Work item >> Copy each line in the data that includes the word "cylinder".

Data provided >>
--

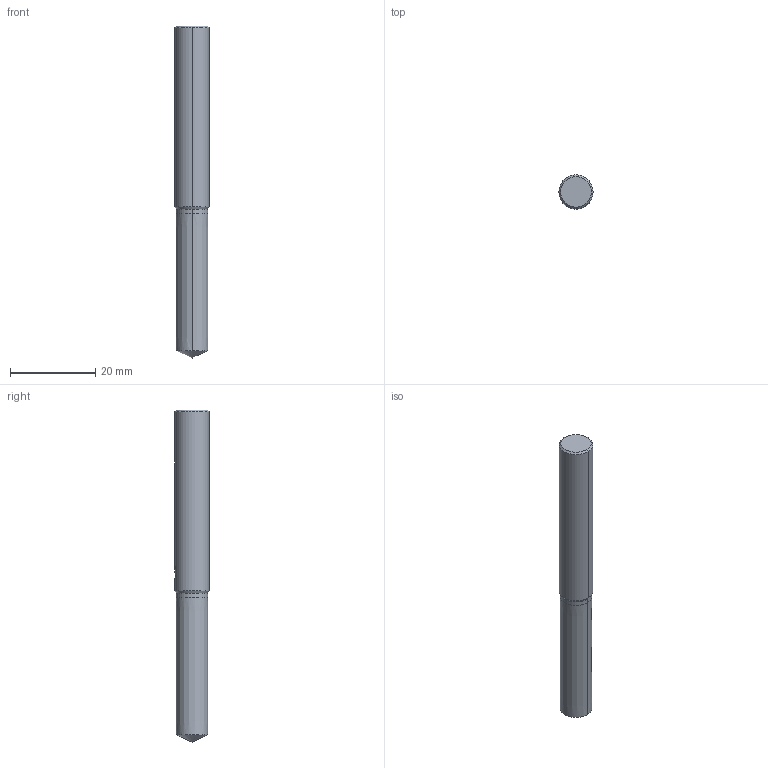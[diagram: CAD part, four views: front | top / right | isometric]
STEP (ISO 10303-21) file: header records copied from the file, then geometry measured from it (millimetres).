
FILE_DESCRIPTION(('no description'),'unknown implementation level');
FILE_NAME('8599074.stp',' ',('CIM GmbH Aachen'),('CADClick - KiM GmbH - www.kimweb.de'),'unknown preprocess','ACIS','unknown authorization');
FILE_SCHEMA(('automotive_design'));
Length unit declared in the file: millimetre
Products named in the file (2): 1; 2
Bounding box: 8 x 8 x 78 mm (x, y, z)
Volume: 3612.9 mm3; surface area: 2035 mm2
Topology: 2 solids, 2 shells, 28 faces, 67 edges, 41 vertices
Faces by surface type: cylinder 12, cone 8, plane 8
Entity records: 1821 total; most frequent: CARTESIAN_POINT 384, STYLED_ITEM 136, PRESENTATION_STYLE_ASSIGNMENT 136, COLOUR_RGB 136, DIRECTION 135, ORIENTED_EDGE 130, EDGE_CURVE 65, CURVE_STYLE 65
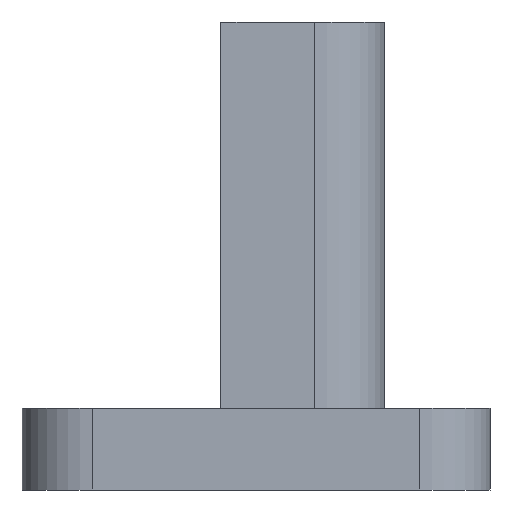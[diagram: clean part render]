
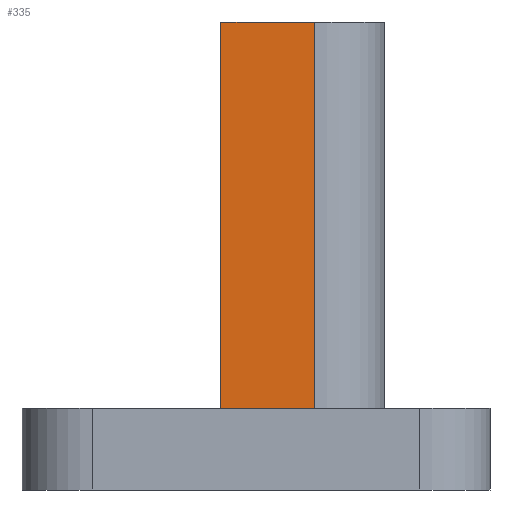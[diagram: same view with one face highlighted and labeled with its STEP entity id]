
A CAD part, left-side view. The second image highlights one B-rep face of the part: STEP entity #335.
In plain terms, the highlighted planar face has unit normal (-1, 0, 0).
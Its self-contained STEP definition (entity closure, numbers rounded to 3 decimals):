
#32 = EDGE_CURVE('',#33,#35,#37,.T.);
#33 = VERTEX_POINT('',#34);
#34 = CARTESIAN_POINT('',(8.,7.5,20.));
#35 = VERTEX_POINT('',#36);
#36 = CARTESIAN_POINT('',(8.,11.5,20.));
#37 = SURFACE_CURVE('',#38,(#42,#54),.PCURVE_S1.);
#38 = LINE('',#39,#40);
#39 = CARTESIAN_POINT('',(8.,4.5,20.));
#40 = VECTOR('',#41,1.);
#41 = DIRECTION('',(0.,1.,0.));
#42 = PCURVE('',#43,#48);
#43 = PLANE('',#44);
#44 = AXIS2_PLACEMENT_3D('',#45,#46,#47);
#45 = CARTESIAN_POINT('',(8.,4.5,20.));
#46 = DIRECTION('',(0.,0.,1.));
#47 = DIRECTION('',(1.,0.,0.));
#48 = DEFINITIONAL_REPRESENTATION('',(#49),#53);
#49 = LINE('',#50,#51);
#50 = CARTESIAN_POINT('',(0.,0.));
#51 = VECTOR('',#52,1.);
#52 = DIRECTION('',(0.,1.));
#53 = ( GEOMETRIC_REPRESENTATION_CONTEXT(2) 
PARAMETRIC_REPRESENTATION_CONTEXT() REPRESENTATION_CONTEXT('2D SPACE',''
  ) );
#54 = PCURVE('',#55,#60);
#55 = PLANE('',#56);
#56 = AXIS2_PLACEMENT_3D('',#57,#58,#59);
#57 = CARTESIAN_POINT('',(8.,4.5,0.));
#58 = DIRECTION('',(1.,0.,0.));
#59 = DIRECTION('',(0.,0.,1.));
#60 = DEFINITIONAL_REPRESENTATION('',(#61),#65);
#61 = LINE('',#62,#63);
#62 = CARTESIAN_POINT('',(20.,0.));
#63 = VECTOR('',#64,1.);
#64 = DIRECTION('',(0.,-1.));
#65 = ( GEOMETRIC_REPRESENTATION_CONTEXT(2) 
PARAMETRIC_REPRESENTATION_CONTEXT() REPRESENTATION_CONTEXT('2D SPACE',''
  ) );
#84 = CYLINDRICAL_SURFACE('',#85,3.);
#85 = AXIS2_PLACEMENT_3D('',#86,#87,#88);
#86 = CARTESIAN_POINT('',(11.,7.5,0.));
#87 = DIRECTION('',(0.,0.,1.));
#88 = DIRECTION('',(-1.,0.,0.));
#324 = PLANE('',#325);
#325 = AXIS2_PLACEMENT_3D('',#326,#327,#328);
#326 = CARTESIAN_POINT('',(8.,11.5,0.));
#327 = DIRECTION('',(0.,1.,0.));
#328 = DIRECTION('',(0.,0.,1.));
#335 = ADVANCED_FACE('',(#336),#55,.F.);
#336 = FACE_BOUND('',#337,.F.);
#337 = EDGE_LOOP('',(#338,#339,#362,#388));
#338 = ORIENTED_EDGE('',*,*,#32,.F.);
#339 = ORIENTED_EDGE('',*,*,#340,.F.);
#340 = EDGE_CURVE('',#341,#33,#343,.T.);
#341 = VERTEX_POINT('',#342);
#342 = CARTESIAN_POINT('',(8.,7.5,3.5));
#343 = SURFACE_CURVE('',#344,(#348,#355),.PCURVE_S1.);
#344 = LINE('',#345,#346);
#345 = CARTESIAN_POINT('',(8.,7.5,0.));
#346 = VECTOR('',#347,1.);
#347 = DIRECTION('',(0.,0.,1.));
#348 = PCURVE('',#55,#349);
#349 = DEFINITIONAL_REPRESENTATION('',(#350),#354);
#350 = LINE('',#351,#352);
#351 = CARTESIAN_POINT('',(0.,-3.));
#352 = VECTOR('',#353,1.);
#353 = DIRECTION('',(1.,0.));
#354 = ( GEOMETRIC_REPRESENTATION_CONTEXT(2) 
PARAMETRIC_REPRESENTATION_CONTEXT() REPRESENTATION_CONTEXT('2D SPACE',''
  ) );
#355 = PCURVE('',#84,#356);
#356 = DEFINITIONAL_REPRESENTATION('',(#357),#361);
#357 = LINE('',#358,#359);
#358 = CARTESIAN_POINT('',(0.,0.));
#359 = VECTOR('',#360,1.);
#360 = DIRECTION('',(0.,1.));
#361 = ( GEOMETRIC_REPRESENTATION_CONTEXT(2) 
PARAMETRIC_REPRESENTATION_CONTEXT() REPRESENTATION_CONTEXT('2D SPACE',''
  ) );
#362 = ORIENTED_EDGE('',*,*,#363,.F.);
#363 = EDGE_CURVE('',#364,#341,#366,.T.);
#364 = VERTEX_POINT('',#365);
#365 = CARTESIAN_POINT('',(8.,11.5,3.5));
#366 = SURFACE_CURVE('',#367,(#371,#377),.PCURVE_S1.);
#367 = LINE('',#368,#369);
#368 = CARTESIAN_POINT('',(8.,2.25,3.5));
#369 = VECTOR('',#370,1.);
#370 = DIRECTION('',(0.,-1.,0.));
#371 = PCURVE('',#55,#372);
#372 = DEFINITIONAL_REPRESENTATION('',(#373),#376);
#373 = B_SPLINE_CURVE_WITH_KNOTS('',1,(#374,#375),.UNSPECIFIED.,.F.,.F.,
  (2,2),(-9.65,-4.85),.PIECEWISE_BEZIER_KNOTS.);
#374 = CARTESIAN_POINT('',(3.5,-7.4));
#375 = CARTESIAN_POINT('',(3.5,-2.6));
#376 = ( GEOMETRIC_REPRESENTATION_CONTEXT(2) 
PARAMETRIC_REPRESENTATION_CONTEXT() REPRESENTATION_CONTEXT('2D SPACE',''
  ) );
#377 = PCURVE('',#378,#383);
#378 = PLANE('',#379);
#379 = AXIS2_PLACEMENT_3D('',#380,#381,#382);
#380 = CARTESIAN_POINT('',(0.,0.,3.5));
#381 = DIRECTION('',(0.,0.,1.));
#382 = DIRECTION('',(1.,0.,0.));
#383 = DEFINITIONAL_REPRESENTATION('',(#384),#387);
#384 = B_SPLINE_CURVE_WITH_KNOTS('',1,(#385,#386),.UNSPECIFIED.,.F.,.F.,
  (2,2),(-9.65,-4.85),.PIECEWISE_BEZIER_KNOTS.);
#385 = CARTESIAN_POINT('',(8.,11.9));
#386 = CARTESIAN_POINT('',(8.,7.1));
#387 = ( GEOMETRIC_REPRESENTATION_CONTEXT(2) 
PARAMETRIC_REPRESENTATION_CONTEXT() REPRESENTATION_CONTEXT('2D SPACE',''
  ) );
#388 = ORIENTED_EDGE('',*,*,#389,.T.);
#389 = EDGE_CURVE('',#364,#35,#390,.T.);
#390 = SURFACE_CURVE('',#391,(#395,#402),.PCURVE_S1.);
#391 = LINE('',#392,#393);
#392 = CARTESIAN_POINT('',(8.,11.5,0.));
#393 = VECTOR('',#394,1.);
#394 = DIRECTION('',(0.,0.,1.));
#395 = PCURVE('',#55,#396);
#396 = DEFINITIONAL_REPRESENTATION('',(#397),#401);
#397 = LINE('',#398,#399);
#398 = CARTESIAN_POINT('',(0.,-7.));
#399 = VECTOR('',#400,1.);
#400 = DIRECTION('',(1.,0.));
#401 = ( GEOMETRIC_REPRESENTATION_CONTEXT(2) 
PARAMETRIC_REPRESENTATION_CONTEXT() REPRESENTATION_CONTEXT('2D SPACE',''
  ) );
#402 = PCURVE('',#324,#403);
#403 = DEFINITIONAL_REPRESENTATION('',(#404),#408);
#404 = LINE('',#405,#406);
#405 = CARTESIAN_POINT('',(0.,0.));
#406 = VECTOR('',#407,1.);
#407 = DIRECTION('',(1.,0.));
#408 = ( GEOMETRIC_REPRESENTATION_CONTEXT(2) 
PARAMETRIC_REPRESENTATION_CONTEXT() REPRESENTATION_CONTEXT('2D SPACE',''
  ) );
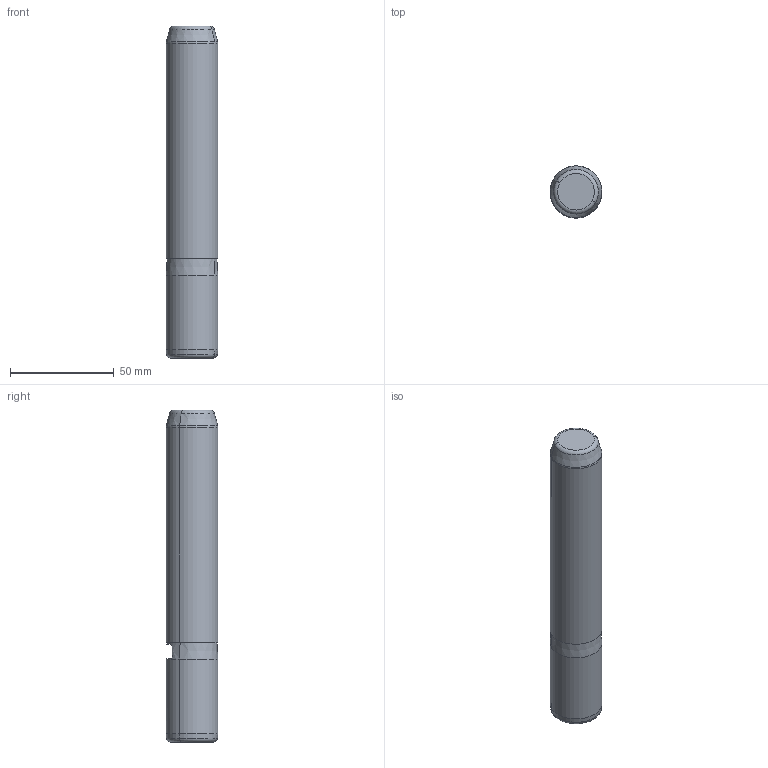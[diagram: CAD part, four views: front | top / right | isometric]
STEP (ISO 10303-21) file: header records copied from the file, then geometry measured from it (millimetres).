
FILE_DESCRIPTION(('CATIA V5 STEP Exchange'),'2;1');
FILE_NAME('RDCO114.25160.stp','2017-03-08T08:06:44+00:00',('none'),('none'),'CATIA Version 5 Release 19 GA (IN-10)','CATIA V5 STEP AP203','none');
FILE_SCHEMA(('CONFIG_CONTROL_DESIGN'));
Length unit declared in the file: millimetre
Products named in the file (1): RDCO114.25160
Bounding box: 25 x 24.99 x 160 mm (x, y, z)
Volume: 77413.7 mm3; surface area: 13309.4 mm2
Topology: 1 solids, 1 shells, 24 faces, 52 edges, 35 vertices
Faces by surface type: cylinder 6, cone 6, plane 6, torus 6
Entity records: 676 total; most frequent: CARTESIAN_POINT 150, ORIENTED_EDGE 98, DIRECTION 82, EDGE_CURVE 49, AXIS2_PLACEMENT_3D 48, CIRCLE 29, VERTEX_POINT 28, EDGE_LOOP 25

--

Output of the exercise >>
Faces by surface type: cylinder 12, cone 8, plane 8
Faces by surface type: cylinder 6, cone 6, plane 6, torus 6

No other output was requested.